Even without the emphasis on security we focus on making computers easier to use. What is missing from that sentence is "for old applications". What we need is the ability to find new ways to use computers or, better, computing. The hardware itself is only an artifact and the concepts are far more important. The Internet has given us a lesson in how to benefit from innovation at the edges. The particular implementation is a minor issue. As I pointed out in Edge Protocol V6, we don't need to rebuild the Internet to innovate, we can just build around it.

As an aside, attempts to make computers smarter than us only compound the problems since it only embeds conventional wisdom more deeply and enfeebles us. I plan to write more about this topic in its own right. (or write?)

Just putting fences around the periphery doesn't even get us security. Users (AKA) people will still have to cope with threats like Gator. By confusing .COM with the Internet we have created new exposures. A simple typo brings you to sites that are simply marketing traps. Then companies like Gator try to get you to install themselves as viruses on your machine. Gator itself is relatively benign since they just want to harvest you for marketing purposes. But how would you know. And how do you know to not click the "start button", press "run" and then type "deltree /y \" (kids, don't do this at home, nor at the office!). To be fair to Gator, they do offer to find things people want even if I don't like their intrusion and they are sort of above-board about it. But I don't like accidentally running across their installer since it is easy to click yes thinking it is yet another one of the certificates you do want to accept.
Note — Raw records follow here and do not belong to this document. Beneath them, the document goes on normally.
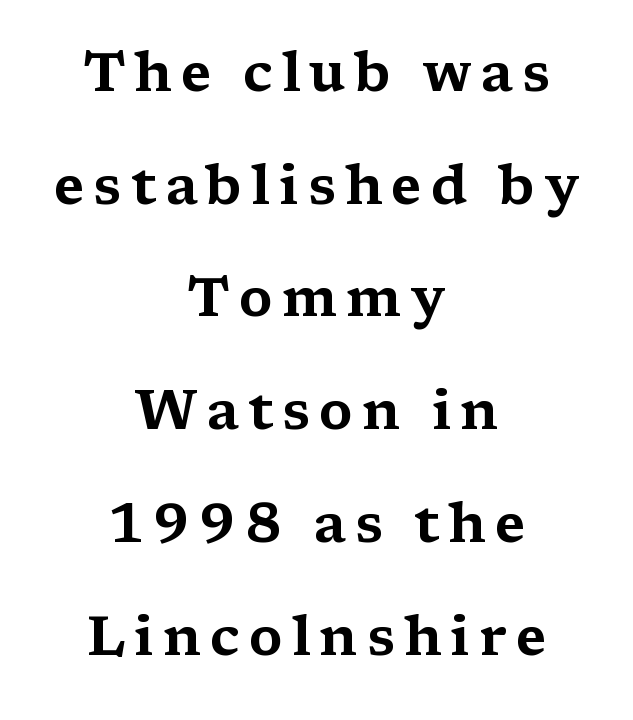
Q: Is the text italic (slanted)? A: No, it is upright.
Q: Is the typeface a serif or a sans-serif typeface? A: Serif.
Q: Is the text underlined? A: No.
Q: How is the paragraph aligned? A: Centered.
Q: Is the spacing between lines tight, normal or loose? A: Loose.
Q: Width (condensed, normal, or wide)? A: Wide.
Q: Stroke contrast? A: Medium.
Q: x-height? A: Medium.
Q: Monospaced? A: No.
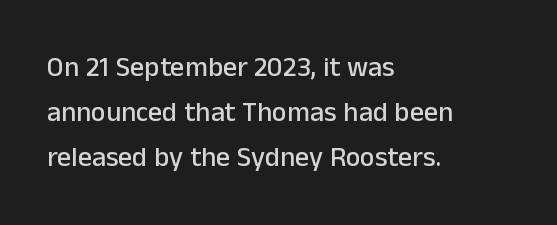
{"serif": "no", "italic": "no", "width": "normal", "stroke_contrast": "low", "x_height": "medium", "monospaced": "no", "underline": "no", "align": "left", "line_spacing": "normal", "line_spacing_ratio": 1.6, "letter_spacing": "normal", "letter_spacing_em": 0.0, "glyph_px": 28}
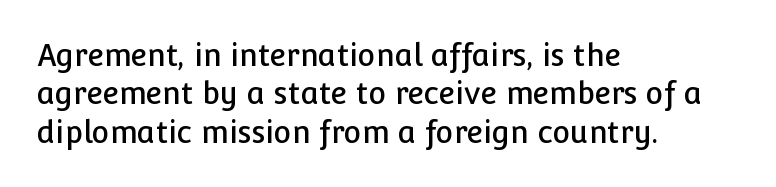
{"serif": "no", "italic": "no", "width": "normal", "stroke_contrast": "low", "x_height": "medium", "monospaced": "no", "underline": "no", "align": "left", "line_spacing": "normal", "line_spacing_ratio": 1.28, "letter_spacing": "normal", "letter_spacing_em": 0.0, "glyph_px": 30}
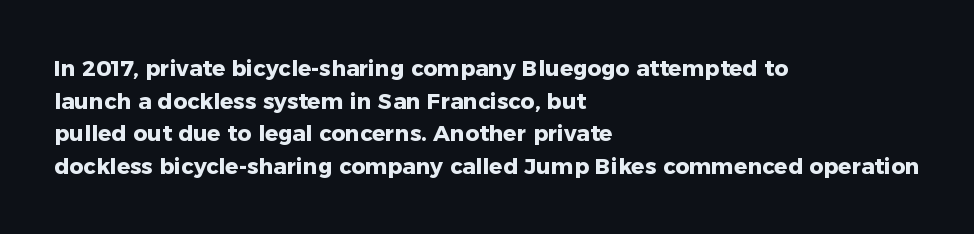
Q: Is the text bold? A: Yes.
Q: Is the text italic (slanted)? A: No, it is upright.
Q: Is the text underlined? A: No.
Q: How is the paragraph aligned? A: Left-aligned.
Q: Is the spacing between letters normal or unusually wide? A: Normal.
Q: Is the spacing between lines tight, normal or loose? A: Normal.
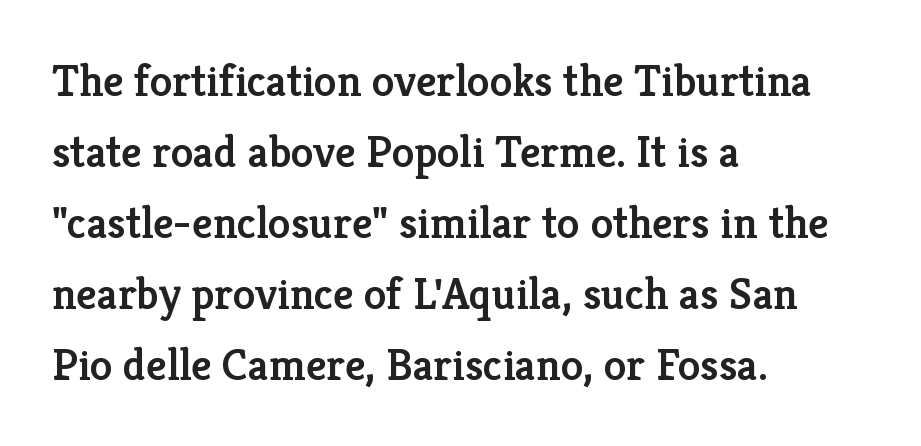
The image shows 45 px semibold serif type, upright; set left-aligned, normal line spacing (1.58x), normal letter spacing, not underlined; low stroke contrast and a medium x-height.
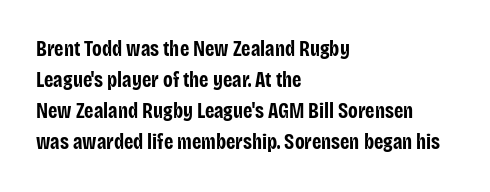
{"italic": "no", "bold": "yes", "underline": "no", "align": "left", "line_spacing": "normal", "line_spacing_ratio": 1.48, "letter_spacing": "normal", "letter_spacing_em": 0.0, "glyph_px": 21}
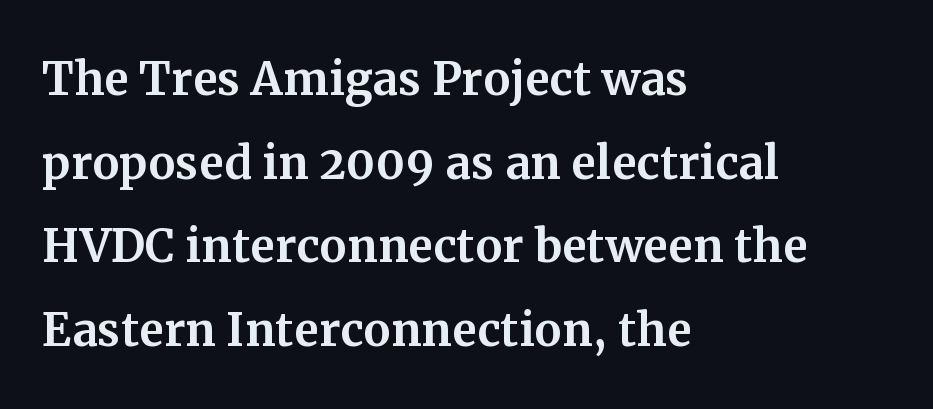
{"serif": "yes", "italic": "no", "width": "normal", "stroke_contrast": "medium", "x_height": "medium", "monospaced": "no", "underline": "no", "align": "left", "line_spacing": "normal", "line_spacing_ratio": 1.37, "letter_spacing": "normal", "letter_spacing_em": 0.0, "glyph_px": 61}

We need a literate society with people who understand what computing is and the tools to create what we don't even know will be important. And we need to tease apart assumptions we don't even recognize. For example, we confuse security with authentication.

As David pointed out, thirty years ago we aren't supposed to worry our pretty little heads with this security stuff. After all the government would do it for us. The idea that we might want to protect ourselves against our neighbors was considered too minor for these august agents of our freedom (which comes at the price of freedom). It's as if we weren't allowed to lock our doors in case the military needed access.

We've lost thirty years of learning how to cope with threats. We don't want to spend the next thirty cowering when we could be contributing.

For a more detailed perspective on the limitations of computer security I recommend reading Homeland Insecurity in The Atlantic Monthly.